Expected impact of the research program
From an experimental comparison of DAGonStar with other workflow engines, the use of this workflow engine on multiple infrastructure types was demonstrated with a 50.19% improvement in execution time when using parallel patterns [10]. Meanwhile, CAPIO was tested on synthetic benchmarks that simulate I/O models of typical and two real-world workflows. Experiments show that CAPIO reduces execution time by 10% to 66% for data-intensive workflows that use the file system as the communication medium.

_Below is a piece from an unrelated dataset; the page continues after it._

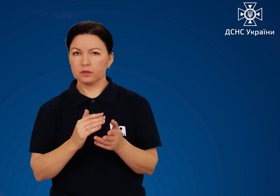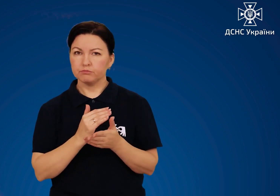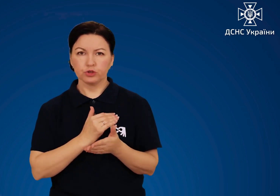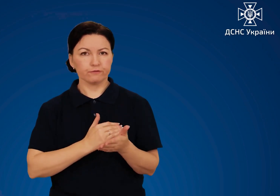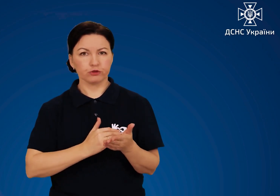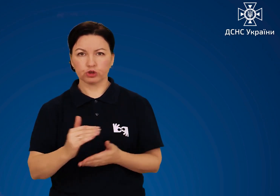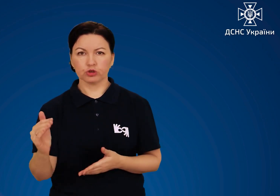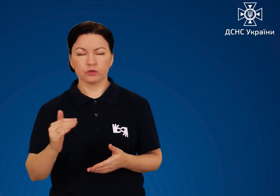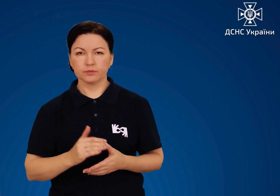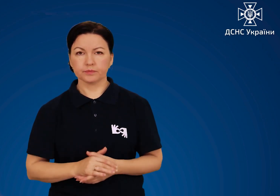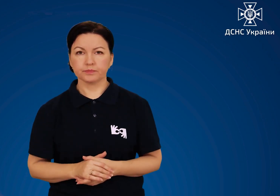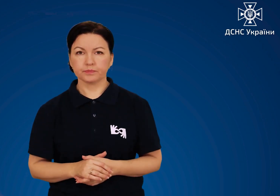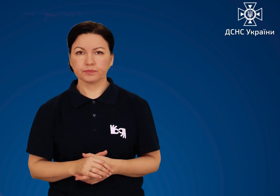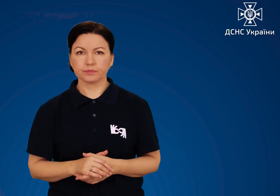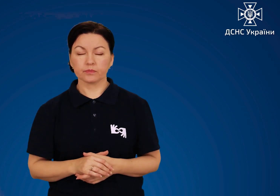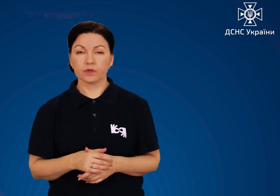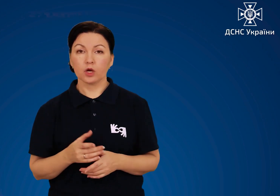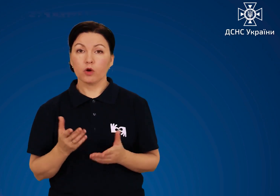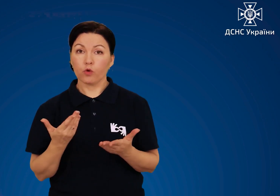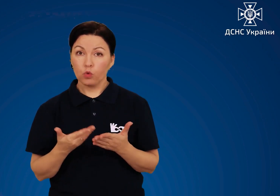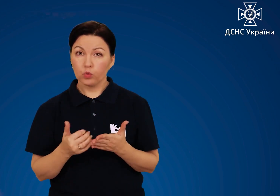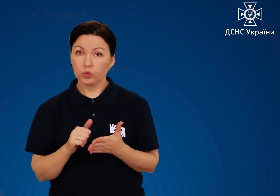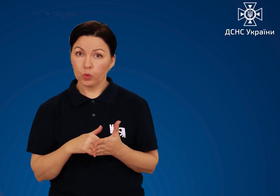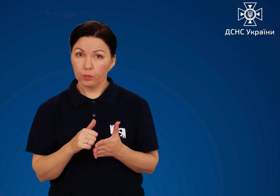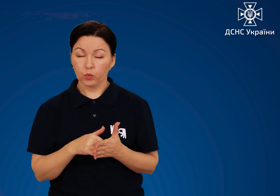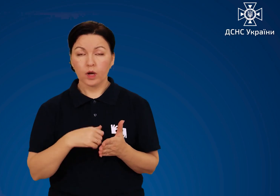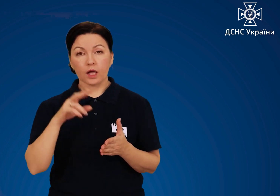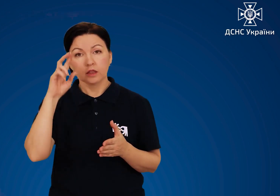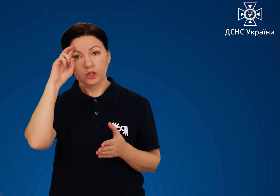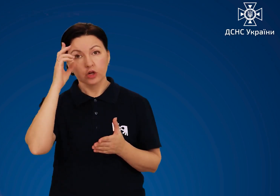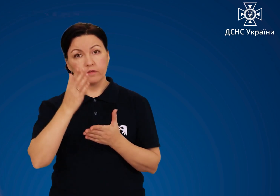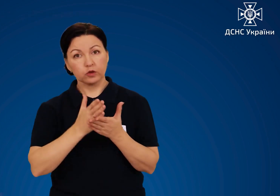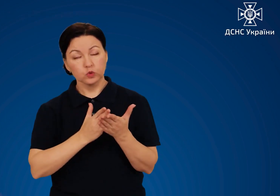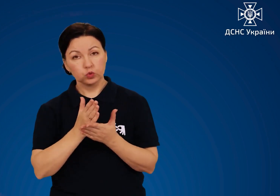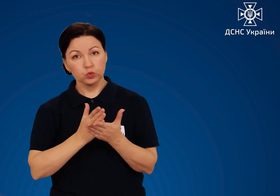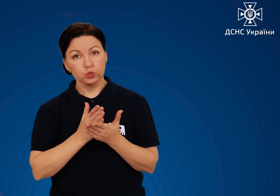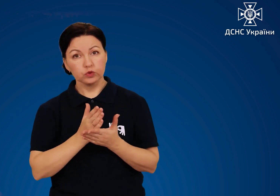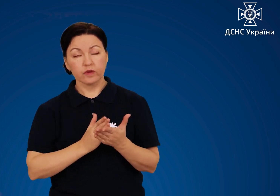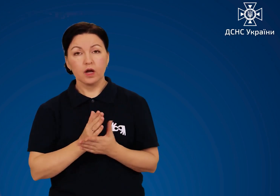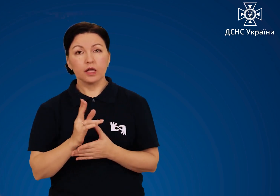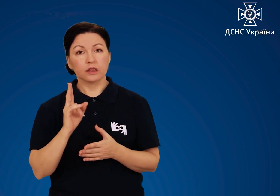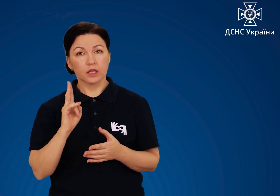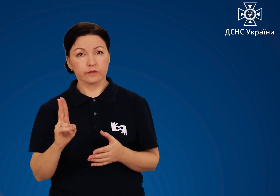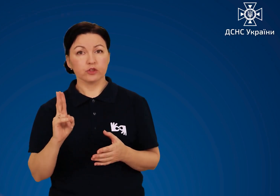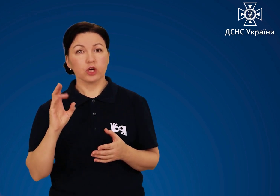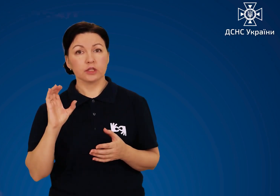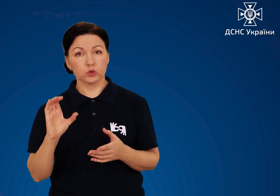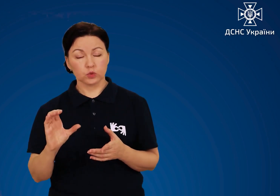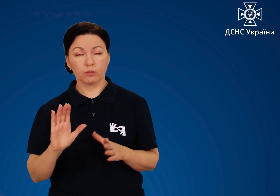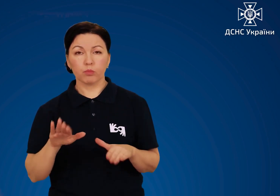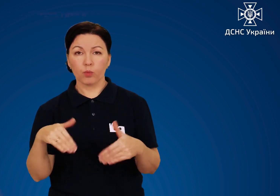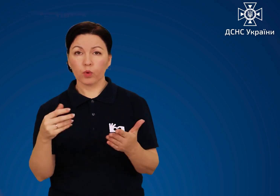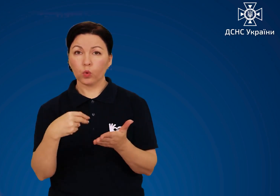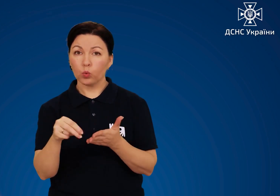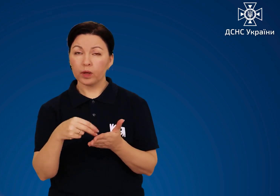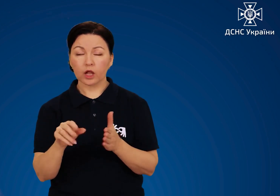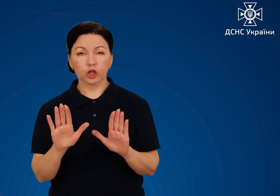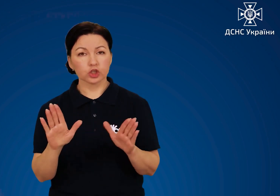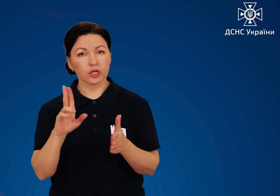підвищеної небезпеки. Тому Державна служба з надзвичайних ситуацій пропонує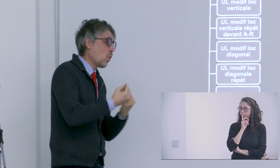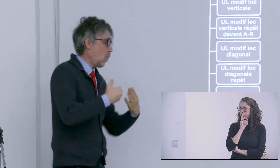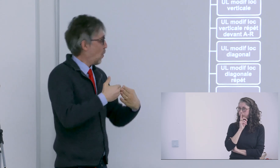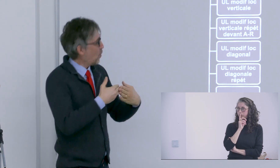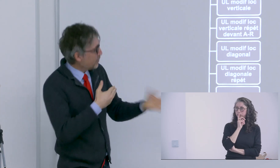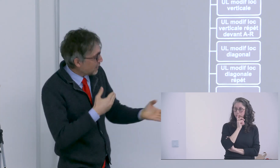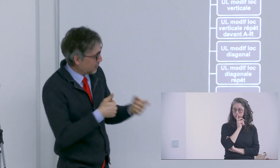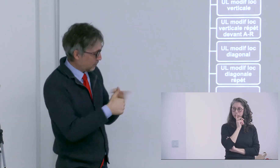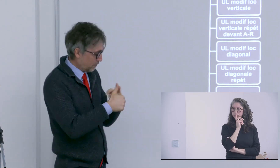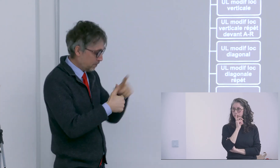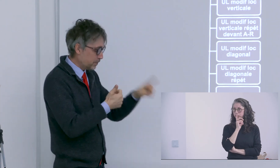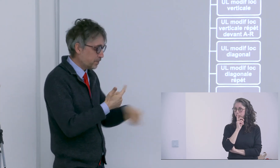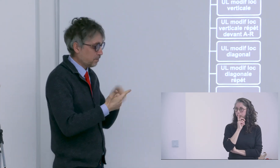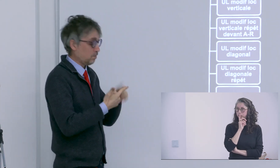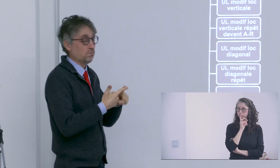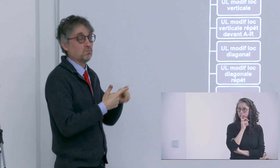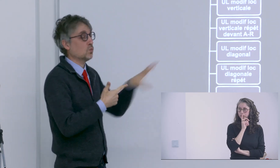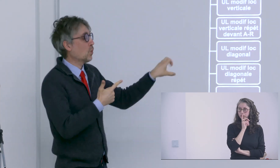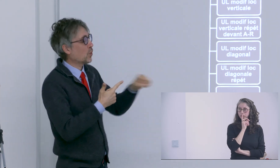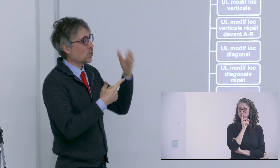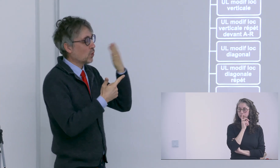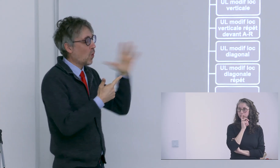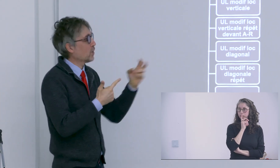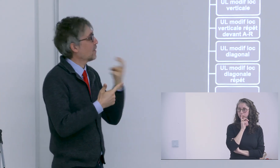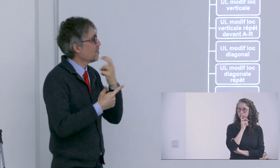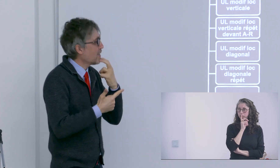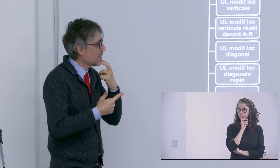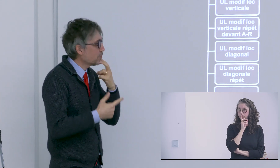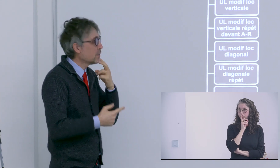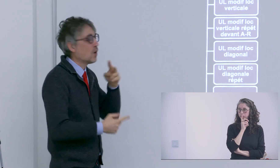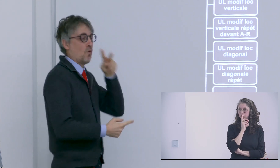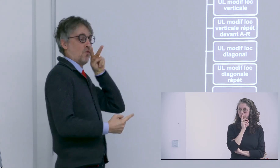fermer ou bien ouvrir ou bien un terme comme

Since DAGonCAPIO is designed to combine the best of the two design solutions indicated, a substantial improvement in the calculation times of workflow-based applications that use files as a data exchange system between tasks is expected. In particular, as will be demonstrated through the use case, applications such as those for the simulation and prediction of environmental phenomena (detailed atmospheric forecasts, transport and diffusion of pollutants in the sea and the air, wave motion prediction, scenario analysis for the mitigation of climate change, etc), in which one of the first requirements is the speed with which the results are produced and made available, they will be able to benefit from the possibility of a continuously produced output. For example, using a traditional workflow engine such as DAGonStar, a detailed weather forecast in which data for the next 24 hours is produced in a time of approximately 5 minutes per hour for running the weather model and approximately 1 minute per hour for post-processing of the data, the first useful output will be available after 144 minutes. Using DAGonCAPIO it is estimated that the first useful output will be available 6 minutes after the start of the computation.
References
- Martinelli, Alberto Riccardo, Massimo Torquati, Marco Aldinucci, Iacopo Colonnelli, and Barbara Cantalupo. “CAPIO: a Middleware for Transparent I/O Streaming in Data-Intensive Workflows.” In 2023 IEEE 30th International Conference on High-Performance Computing, Data, and Analytics (HiPC), pp. 153-163. IEEE, 2023.
- Sánchez-Gallegos, Dante Domizzi, Diana Di Luccio, Sokol Kosta, J. L. Gonzalez-Compean, and Raffaele Montella. “An efficient pattern-based approach for workflow supporting large-scale science: The DagOnStar experience.” Future Generation Computer Systems 122 (2021): 187-203.